Der Verlierer ist der Mitarbeiter.
- Aber es geht noch besser. Warum sollte ich überhaupt Sozialbeiträge zahlen? In vielen, wenn nicht sogar den meisten Betrieben auf dem Bau (wieder die Betonung: nicht bei uns!) werden mittlerweile "Ich-AG´s" als Subunternehmer beschäftigt. Zwar ist Scheinselbsständigkeit verboten, überwacht wird das aber nicht. Eine "Ich-AG" (viele ehemals regulär angestellte Facharbeiter) bietet eine Arbeitsstunde so zwischen 10€ und 15€ an. Inklusive Sozialabgaben, um die Rente kümmert man sich später. Kosten für den Unternehmer: 2.400€. Das ist fast die Hälfte zum tariflich angestellten Mitarbeiter.

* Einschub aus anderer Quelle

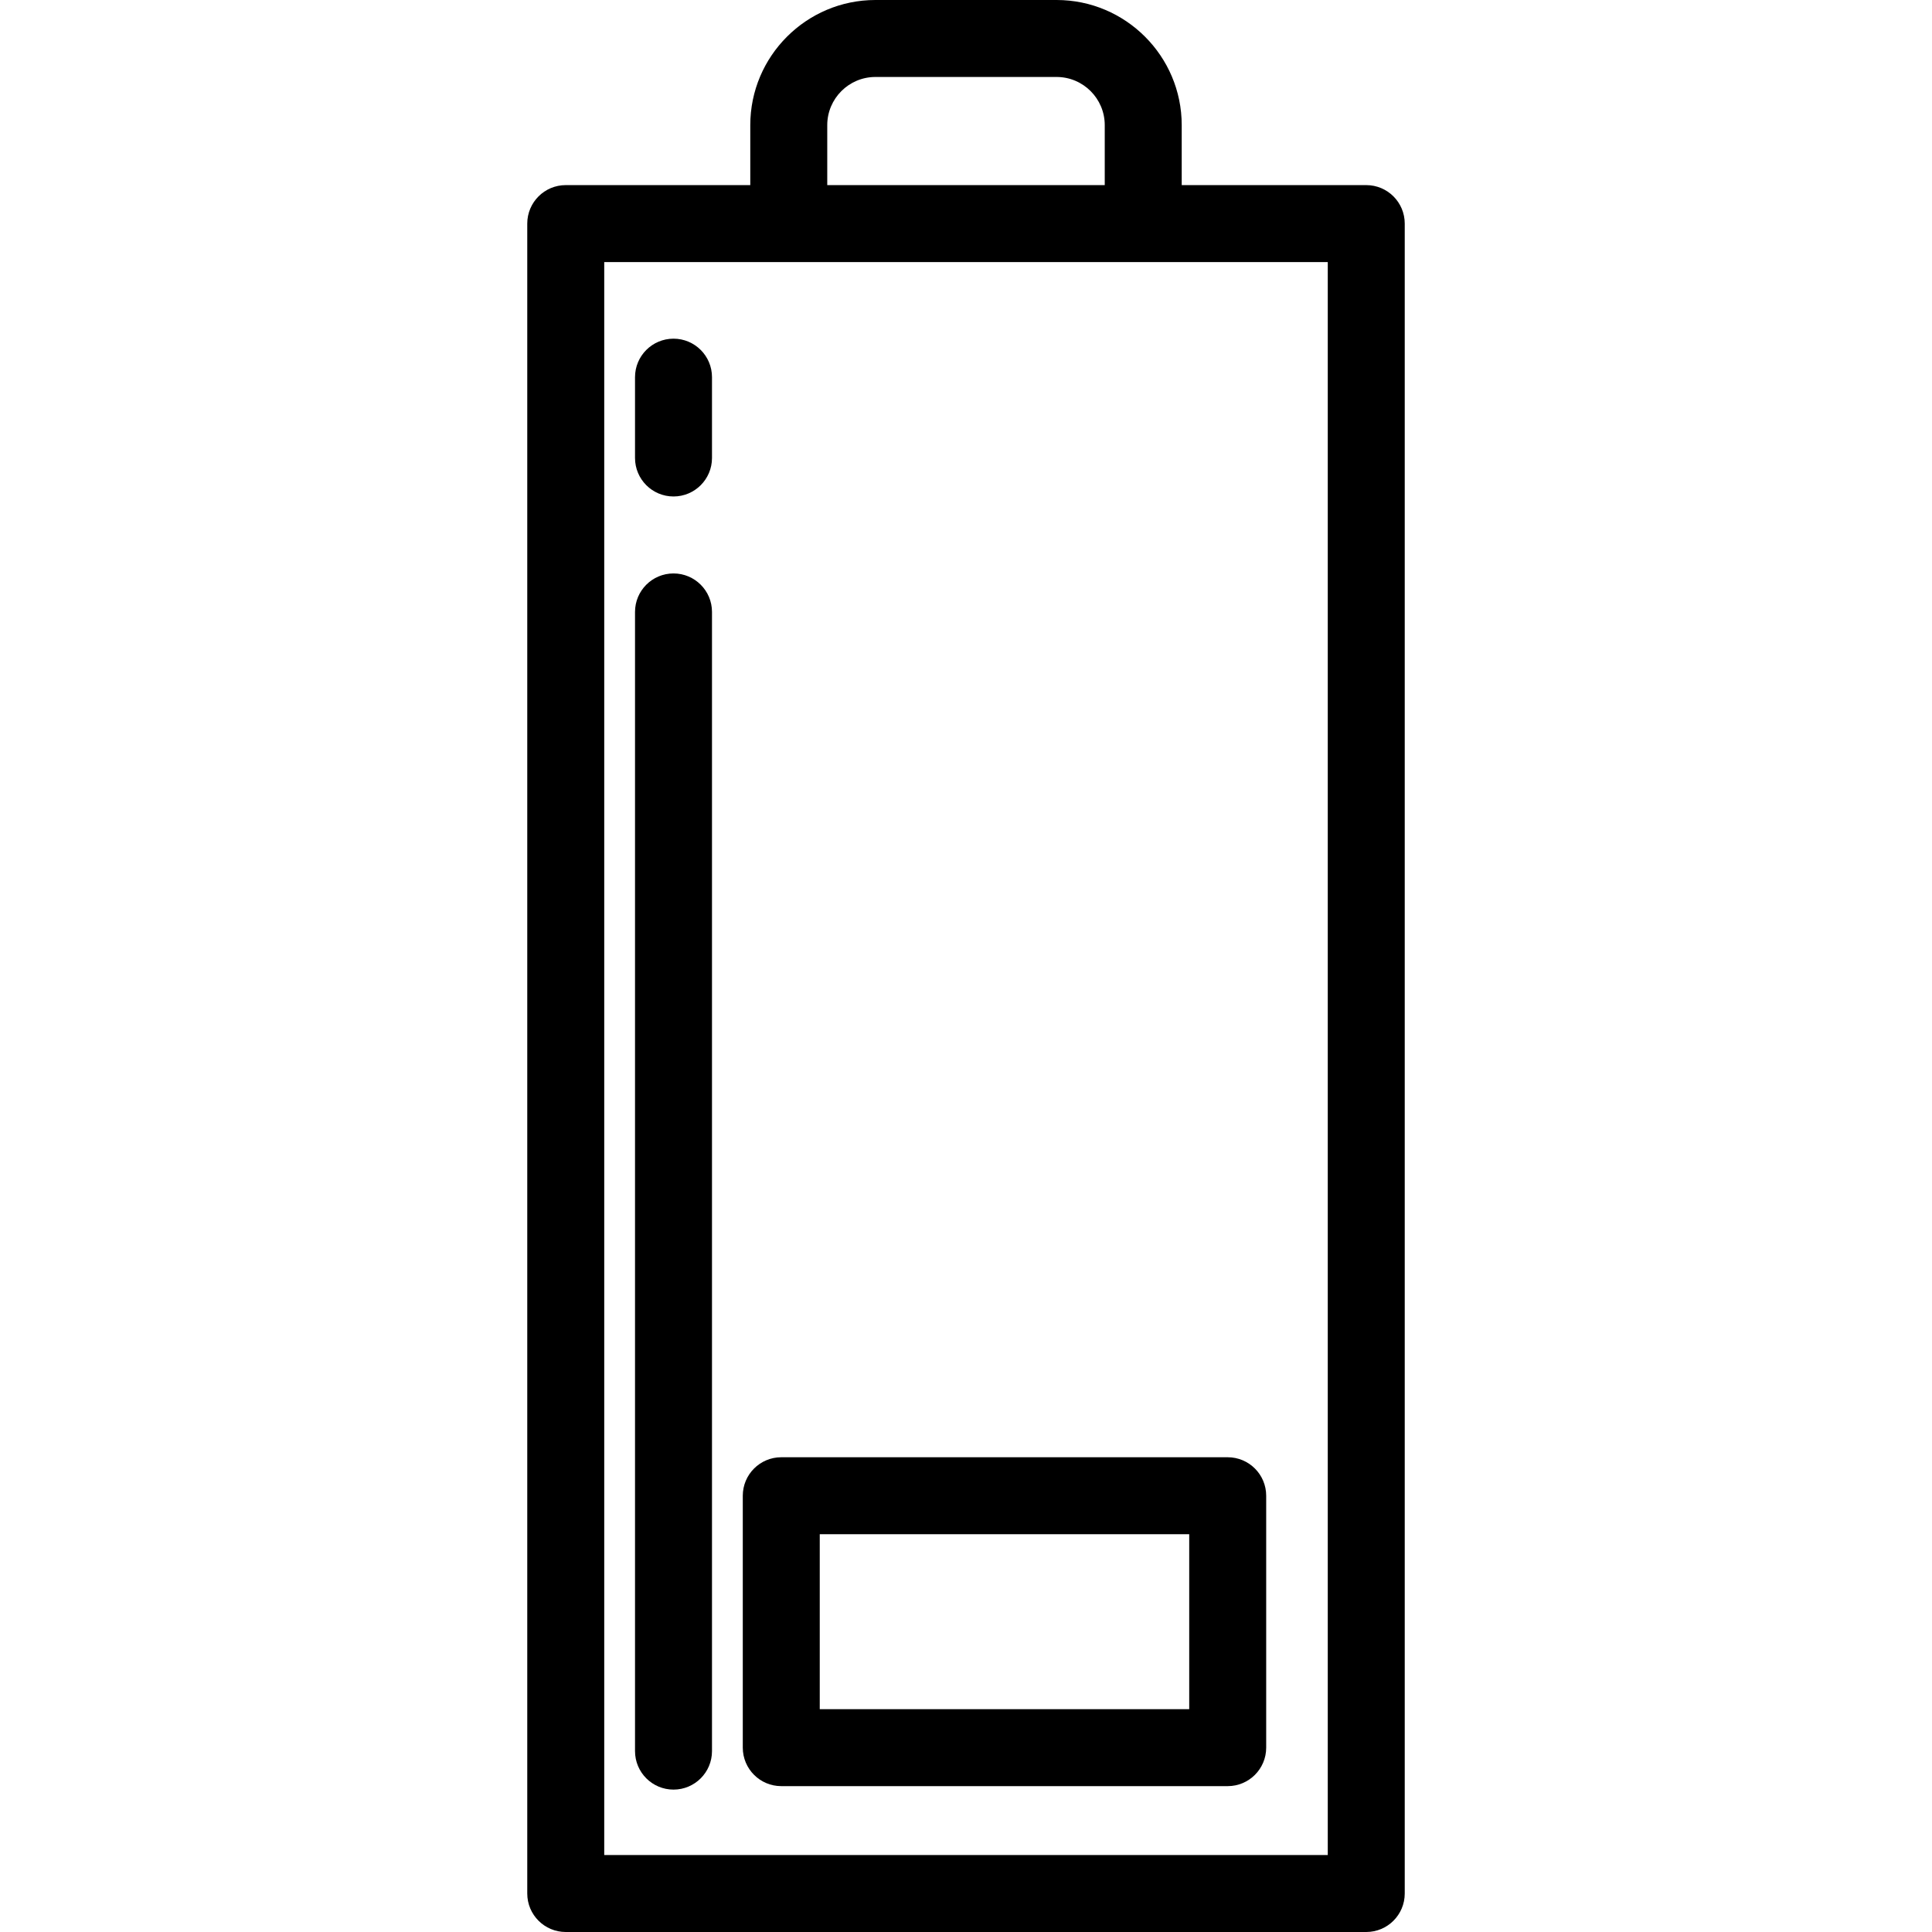 <?xml version="1.0" encoding="iso-8859-1"?>
<!-- Generator: Adobe Illustrator 19.0.0, SVG Export Plug-In . SVG Version: 6.00 Build 0)  -->
<svg version="1.1" id="Layer_1" xmlns="http://www.w3.org/2000/svg" xmlns:xlink="http://www.w3.org/1999/xlink" x="0px" y="0px"
	 viewBox="0 0 502 502" style="enable-background:new 0 0 502 502;" xml:space="preserve">
<g>
	<g>
		<g>
			<path d="M355,48.098h-47.949V32.514C307.051,14.586,292.465,0,274.537,0h-47.074c-17.928,0-32.514,14.586-32.514,32.514v15.584
				H147c-5.522,0-10,4.478-10,10V492c0,5.522,4.478,10,10,10h208c5.522,0,10-4.478,10-10V58.098
				C365,52.575,360.522,48.098,355,48.098z M214.949,32.514c0-6.9,5.613-12.514,12.514-12.514h47.074
				c6.9,0,12.514,5.613,12.514,12.514v15.584h-72.102V32.514z M345,482H157V68.098h188V482z"/>
			<path d="M203,464.098h116c5.522,0,10-4.478,10-10v-65.454c0-5.522-4.478-10-10-10H203c-5.522,0-10,4.478-10,10v65.454
				C193,459.62,197.478,464.098,203,464.098z M213,398.644h96v45.454h-96V398.644z"/>
			<path d="M175,465c5.522,0,10-4.478,10-10V159c0-5.522-4.478-10-10-10c-5.522,0-10,4.478-10,10v296
				C165,460.522,169.478,465,175,465z"/>
			<path d="M175,129c5.522,0,10-4.478,10-10V98c0-5.522-4.478-10-10-10c-5.522,0-10,4.478-10,10v21C165,124.522,169.478,129,175,129
				z"/>
		</g>
	</g>
</g>
<g>
</g>
<g>
</g>
<g>
</g>
<g>
</g>
<g>
</g>
<g>
</g>
<g>
</g>
<g>
</g>
<g>
</g>
<g>
</g>
<g>
</g>
<g>
</g>
<g>
</g>
<g>
</g>
<g>
</g>
</svg>

Gleichzeitig bedeutet das auch eine zusätzliche Belastung für die Sozialsysteme, da die ICH-AG´s meistend keine Rentenversicherungsbeiträge abführen. Wir subventionieren also eine fachlich oft nicht qualifizierte Dumpingkonkurrenz. Gleichzeitig verarmt leider wieder ein Teil des deutschen Mittelstands.
Mit meinem Beispielen will ich zeigen, daß das Wirtschaftsystem hochgradig sensibel auf Veränderungen reagiert. Wenn gesagt wird, daß der Mindestlohn sich nicht negativ auf die Beschäftigungszahl auswirkt, fällt mir eine Studie aus diesem Jahr ein, die zum Beispiel die "ICH-AG" als Erfolg ausgewiesen hat. Es wurde aber nur bewertet, wie viele dieser Unternehmen noch auf dem Markt sind und nicht wie viele tarifliche Arbeitsplätze zerstört wurden. Also vorsicht bei diesen Studien!
Ich betone, daß ich den Mindestlohn für einen äusserst redlichen Ansatz halte. Ich glaube aber nicht, daß er die Probleme löst und sich durchsetzen lässt. So kann man ja zum Beispiel auch einen Frieseurstuhl an eine selbständige Frieseurin vermieten und schwups ist der Mindestlohn makulatur.
Was ich wähle, behalte ich für mich. Mir ist jedoch wichtig, daß sich der Staat aus den oben beschrieben Bereichen heraushält und die Entlohnung den Tarifparteien überlässt. Die Regierung ist die schlechtere Gewerkschaft und zerstört damit leider die richtigen Gewerkschaften. Ich habe keine Ahnung ob er es mittlerweile versteht, 2002 hat jedoch Herr Brandner es zynischer Weise noch nicht kapiert.
Warum ich als Selbstständiger für höhere Löhne bin? Weil ich will, daß die Leute uns beauftragen können. Das ist gut für´s Geschäft
Abschliessend einen Tip an alle. Lest Euch die Programme durch und lasst Euch nicht von oberflächlichen Spots und Polittalks blenden oder beeinflussen.